■ **What to work on**: With pictures excluded, output exactly the lines that run from the first line of the data below through the line containing "A fixed camera".

==============================

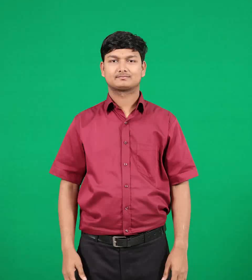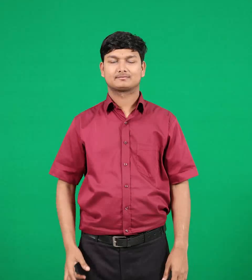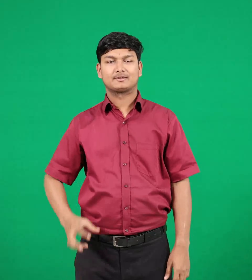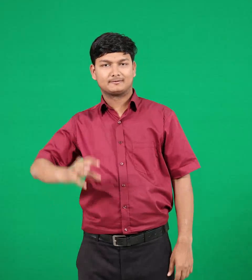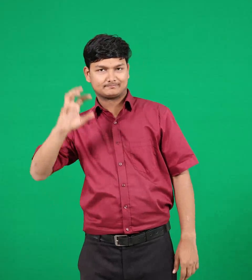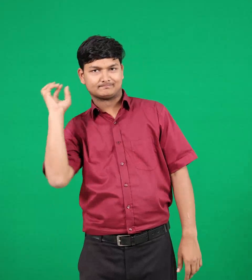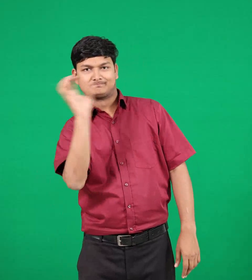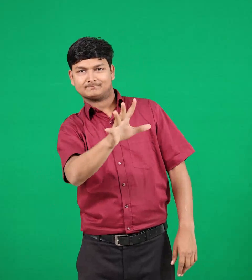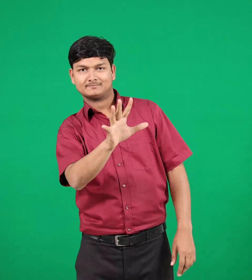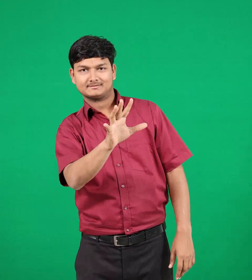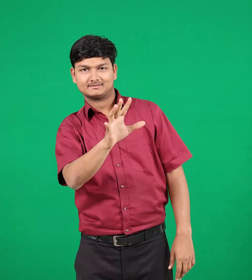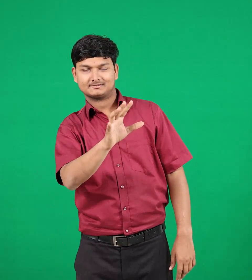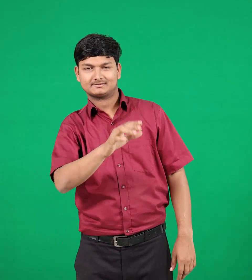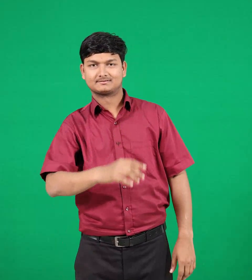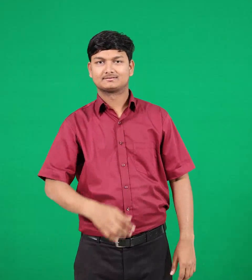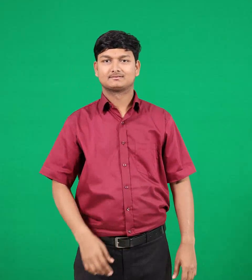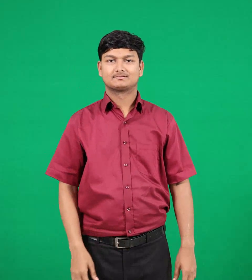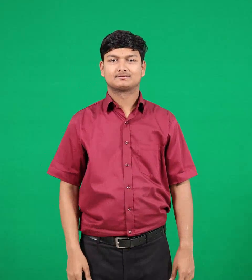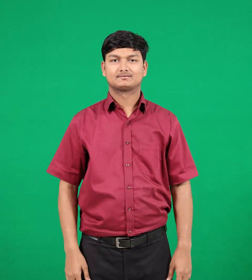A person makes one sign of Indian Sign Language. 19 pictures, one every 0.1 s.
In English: throw
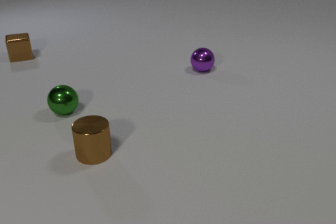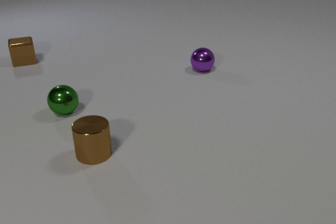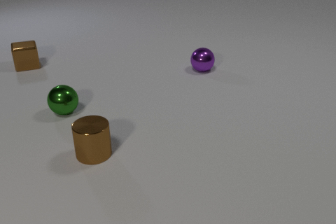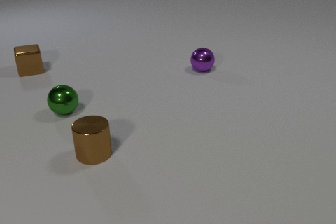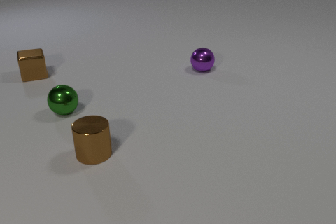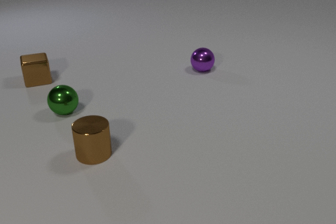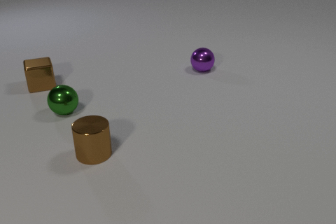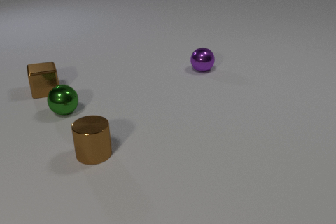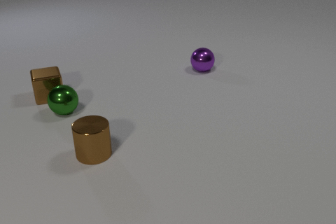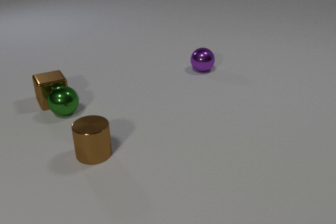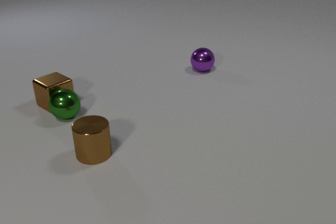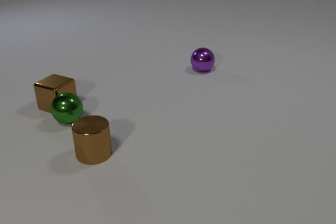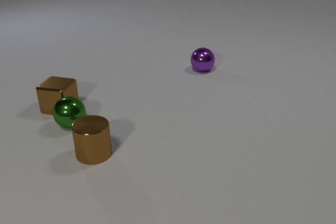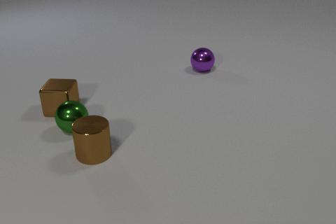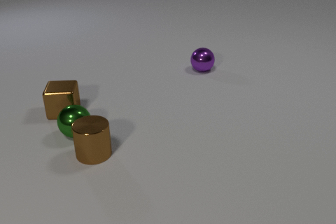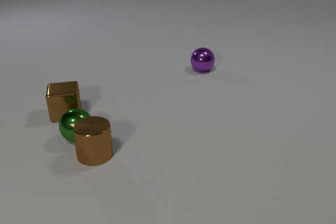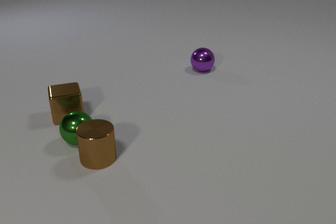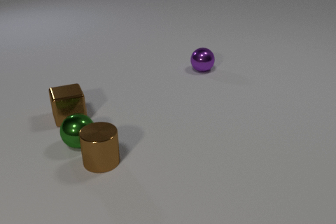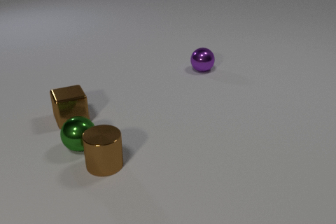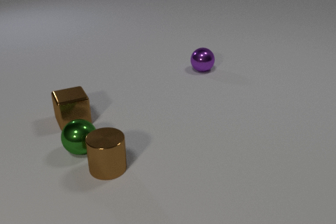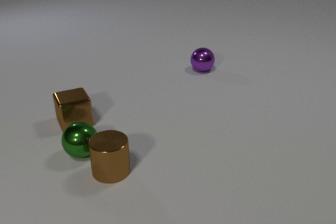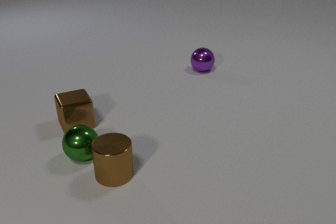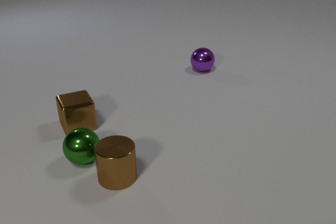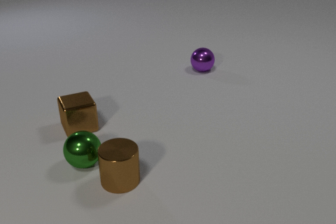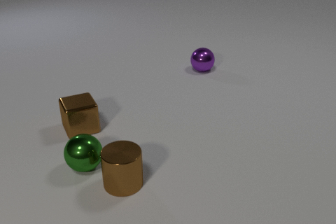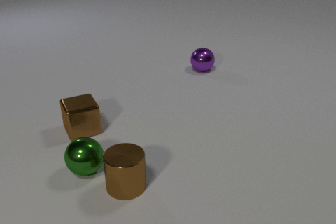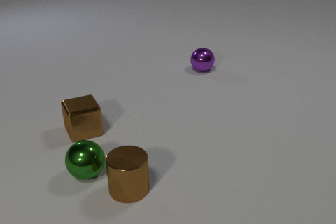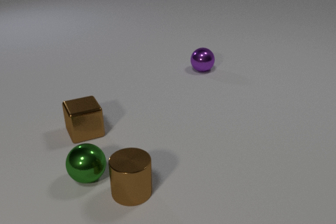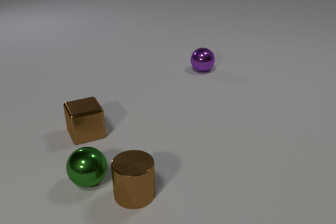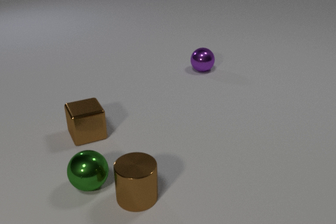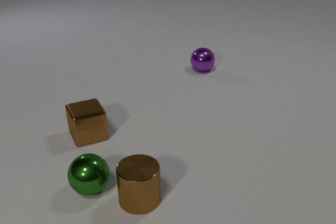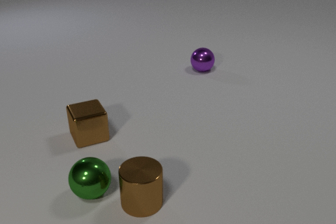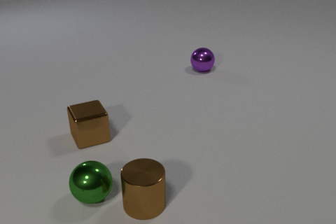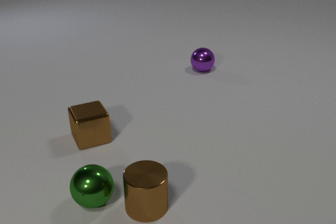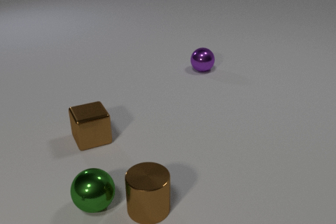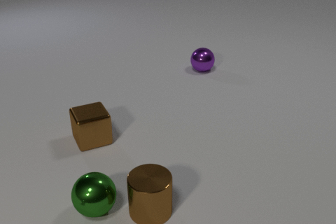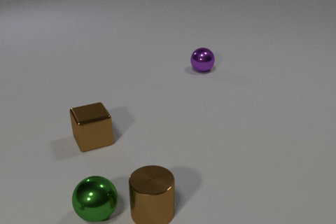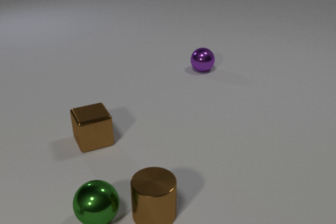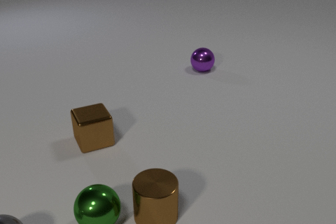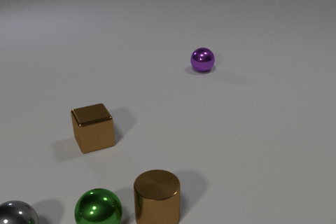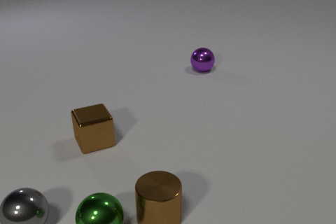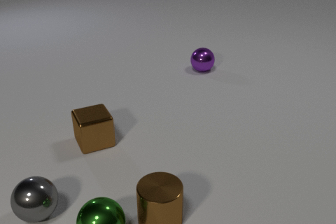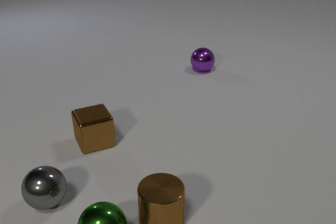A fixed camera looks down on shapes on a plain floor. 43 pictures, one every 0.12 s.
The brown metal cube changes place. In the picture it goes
toward the camera.
The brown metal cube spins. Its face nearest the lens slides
to the right.
0.00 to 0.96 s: The brown metal cube slides toward the camera.
0.96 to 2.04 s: The brown metal cube slides toward the camera, spins counterclockwise seen from above by about 90 degrees, its near face sliding to the right. The green metal sphere rolls toward the camera. The brown metal cylinder slides toward the camera and to the right. The brown metal cube and the green metal sphere collide. The green metal sphere and the brown metal cylinder collide.
2.04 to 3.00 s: The brown metal cube slides toward the camera and to the right. The green metal sphere rolls toward the camera. The brown metal cylinder slides toward the camera and to the right.
3.00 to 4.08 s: The brown metal cube slides toward the camera and to the right. The green metal sphere rolls toward the camera. The brown metal cylinder slides toward the camera and to the right.
4.08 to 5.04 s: The green metal sphere rolls toward the camera. The gray metal sphere comes in at the bottom edge, rolls away from the camera and to the right. The brown metal cylinder slides toward the camera and to the right.
What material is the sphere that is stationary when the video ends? metal.
What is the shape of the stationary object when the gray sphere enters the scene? sphere.
Are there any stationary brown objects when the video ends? yes.
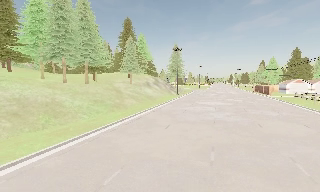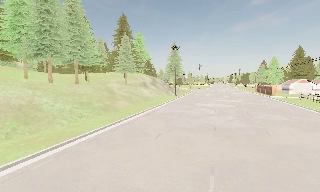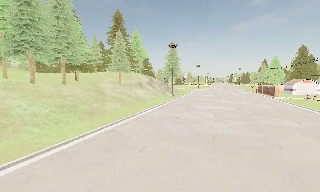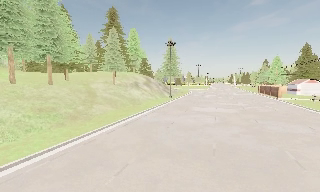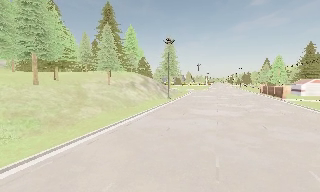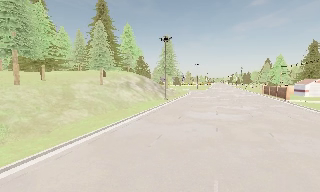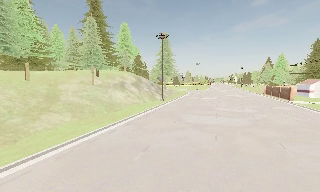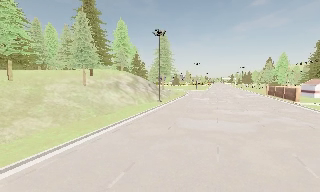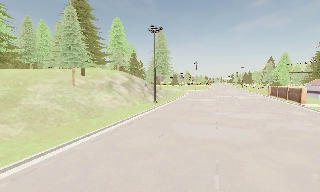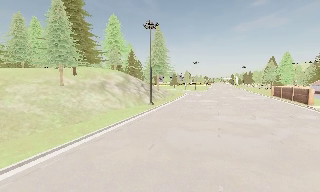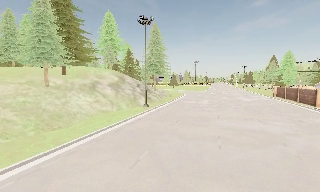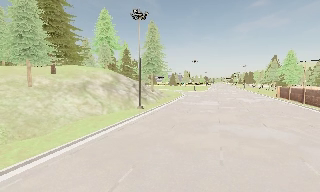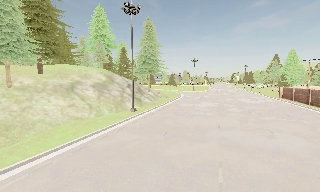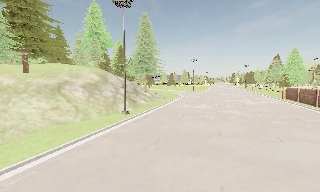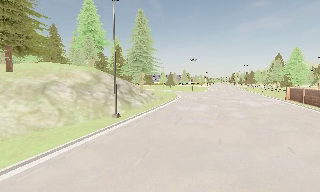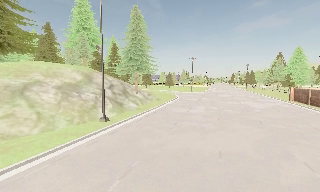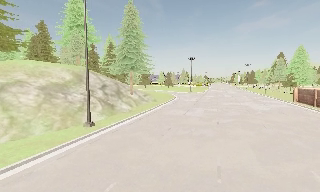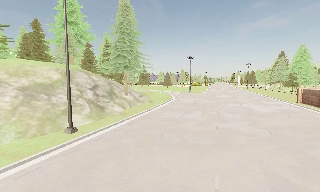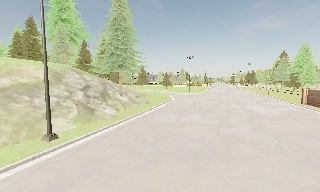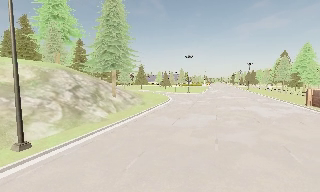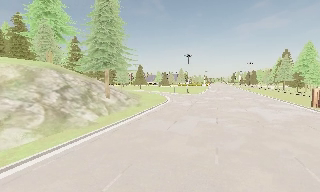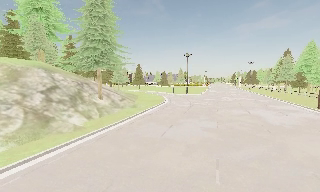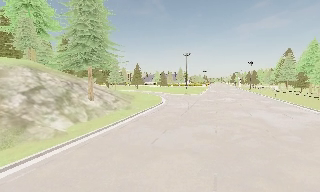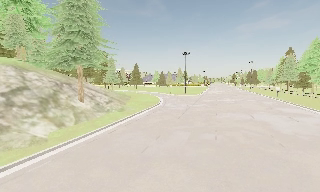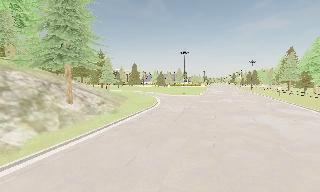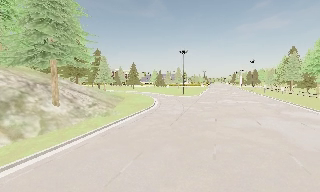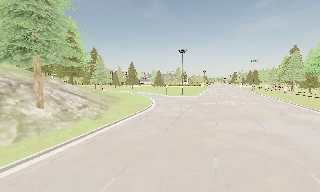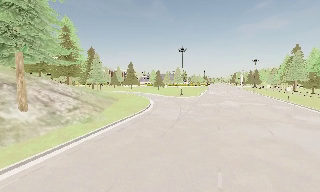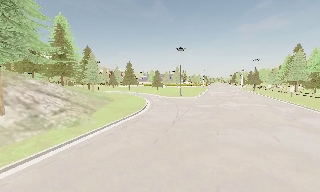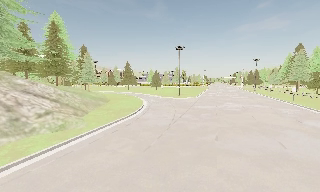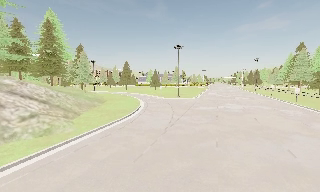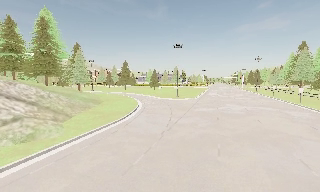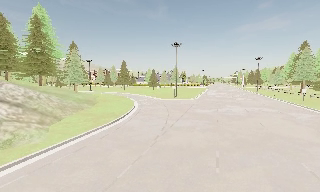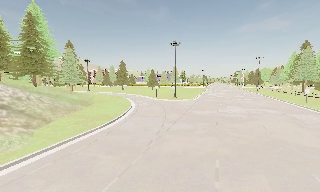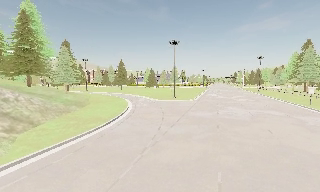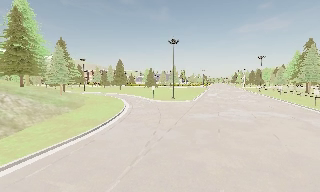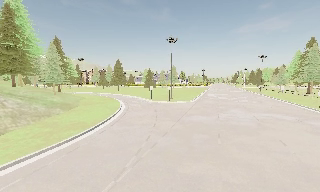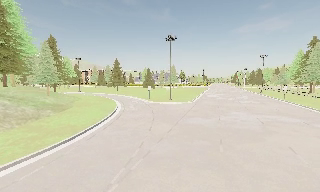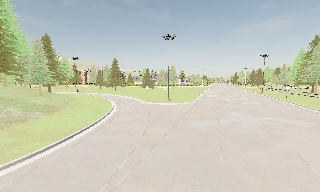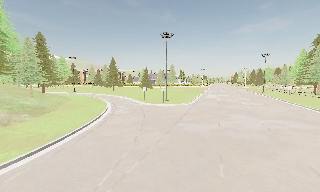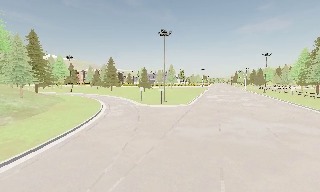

==============================

■ **Result of the exercise**:
A person makes one sign of Indian Sign Language. 19 pictures, one every 0.1 s.
In English: throw
A fixed camera looks down on shapes on a plain floor. 43 pictures, one every 0.12 s.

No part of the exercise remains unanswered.